(Beginning of Available data)

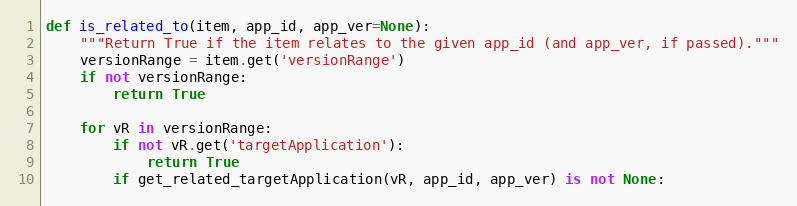
Language: Python
def is_related_to(item, app_id, app_ver=None):
    """Return True if the item relates to the given app_id (and app_ver, if passed)."""
    versionRange = item.get('versionRange')
    if not versionRange:
        return True

    for vR in versionRange:
        if not vR.get('targetApplication'):
            return True
        if get_related_targetApplication(vR, app_id, app_ver) is not None:

(End of Available data)

## [What you have to do]
All entries above, minus the pictures, should be repeated exactly.

## [Answer below]
Language: Python
def is_related_to(item, app_id, app_ver=None):
    """Return True if the item relates to the given app_id (and app_ver, if passed)."""
    versionRange = item.get('versionRange')
    if not versionRange:
        return True

    for vR in versionRange:
        if not vR.get('targetApplication'):
            return True
        if get_related_targetApplication(vR, app_id, app_ver) is not None:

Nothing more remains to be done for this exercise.